Se a ideia de reencarnação, neste exercício, está já suficientemente explicada, onde encontra a performer a sua ideia de santidade, associada a este processo? Que Santa é esta, que se dá a conhecer em A Reencarnação de Santa ORLAN?

Recordemos a ideia de mártir, como forma de ser testemunha de uma crença ou uma ideia irrefutável, passível de levar à morte quem a ela não renuncie e a defenda acerrimamente. Lembremos também os mártires que, em circunstância de julgamento, nunca cedem aos interrogatórios infindáveis, cujas respostas adicionam mais torturas dos seus carrascos. Revivamos também o seu público, que não abdica de admirar os suplícios dos mártires na pretensão de testemunhar a transformação dos corpos dos condenados até à ascensão à outra vida que proclamam: em La réincarnation de Sainte ORLAN, ORLAN é uma mártir da imagem. Os vídeos existentes do conjunto das suas cirurgias- performances permitem ver, ao pormenor, a intrusão de agulhas, pinças e tesouras no seu corpo, a manipulação da sua carne, vê-se o corpo da artista a ser mutilado, cortado, rearranjado, cosido e reformulado ao sabor de esguichos de sangue, algodão embebido em betadine e suturas médicas.
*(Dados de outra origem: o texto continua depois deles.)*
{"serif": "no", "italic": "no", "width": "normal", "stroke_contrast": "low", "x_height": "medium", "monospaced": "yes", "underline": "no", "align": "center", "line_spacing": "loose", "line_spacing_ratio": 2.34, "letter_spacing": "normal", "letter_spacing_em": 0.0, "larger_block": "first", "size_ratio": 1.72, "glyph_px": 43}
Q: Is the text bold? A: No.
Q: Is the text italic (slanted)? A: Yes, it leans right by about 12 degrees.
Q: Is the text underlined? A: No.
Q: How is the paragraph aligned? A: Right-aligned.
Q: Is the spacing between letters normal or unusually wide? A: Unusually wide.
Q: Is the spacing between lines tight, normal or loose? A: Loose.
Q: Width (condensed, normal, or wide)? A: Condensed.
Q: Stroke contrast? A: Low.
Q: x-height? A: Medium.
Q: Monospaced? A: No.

173 Denomino como cirurgia de recreação toda a prática de cirurgia plástica meramente estética,

cuja finalidade não se prende com qualquer necessidade clínica, mas meramente por capricho do sujeito que pretende “corrigir” elementos que, segundo os seus padrões de beleza, podem ser aprimorados.
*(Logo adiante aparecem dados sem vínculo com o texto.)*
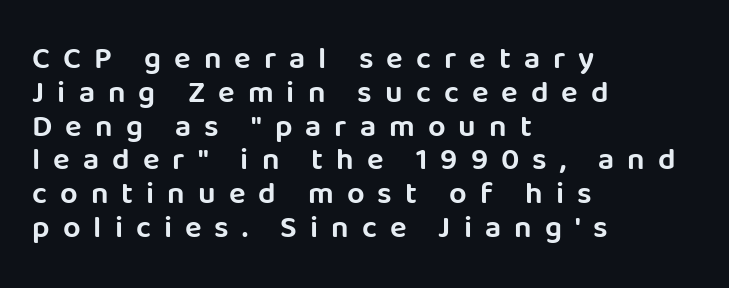
The image shows 31 px sans-serif type, upright; set left-aligned, tight line spacing (1.09x), unusually wide letter spacing (+0.42 em), not underlined; low stroke contrast and a large x-height.
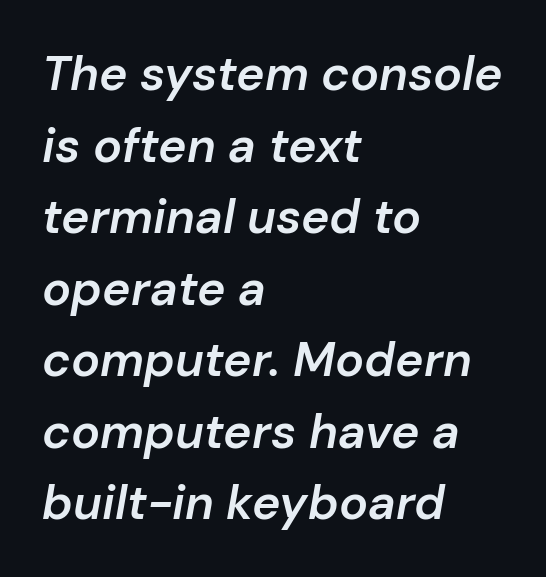
The block of text has a typical density, with ordinary space between rows. Decoration check: the copy has no underline. Rendered with sloped, italic letterforms. The rendering uses natural spacing where letterforms have individual widths. The font is running at a semibold setting, under full bold. Words appear dense and cohesive because spacing is normal.

Na arena de ORLAN, a maca de operações, vislumbram-se os médicos como carrascos, e os seus utensílios como instrumentos de tortura. Aqui o interrogatório não se prende com a averiguação da fé da performer, mas antes com o verificar da estética que a própria proclama como arte. Não tem um verdugo que a coloque inevitavelmente naquela situação, mas é a artista que, iniludivelmente, se lança para esta experiência – lembrando de resto todos os mártires que se lançaram espontaneamente para as fogueiras, prescindindo de qualquer acusação ou acto de condenação. O propósito desses mártires, tanto quanto de ORLAN, está para lá de qualquer processo inquisitório – prende-se com uma missão maior, de santidade, que comprove aquilo que são, mártires das suas convicções – religiosas, no caso dos mártires, estéticas e artísticas no caso de ORLAN. Por sua vez, a atitude de ORLAN reflecte a situação do mártir, que ali se encontra na ausência de dor, a recitar textos e poemas à medida que se dá a sua transformação, à medida que ascende a uma outra condição.
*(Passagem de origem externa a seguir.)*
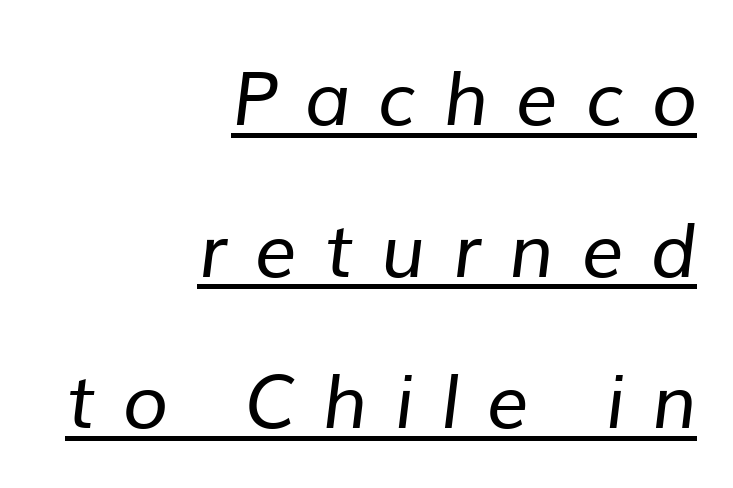
Note the varied advance widths — an 'i' is clearly narrower than an 'm'. Is there much room between lines? Yes — plenty of vertical air separates them. The typesetter has applied underlining to the passage shown. In terms of letterspacing, this is a distinctly airy, spread setting.

A performance La réincarnation de sainte ORLAN levanta questões do domínio do cristianismo que se prendem com a transubstanciação da carne e a ressurreição do sujeito. A performer concretiza a transubstanciação da sua carne ao transformar-se numa obra de arte, indo além da substância concreta que é o seu corpo. ORLAN pratica operações que reconfiguram a sua carne, modifica a sua aparência física, e ressuscita do bloco de operações para uma nova vida que será vivida por um corpo renascido, recuperado de uma vivência antiga, onde a artista encaixa o tema da reencarnação de modo inusitado, conforme já foi explicado.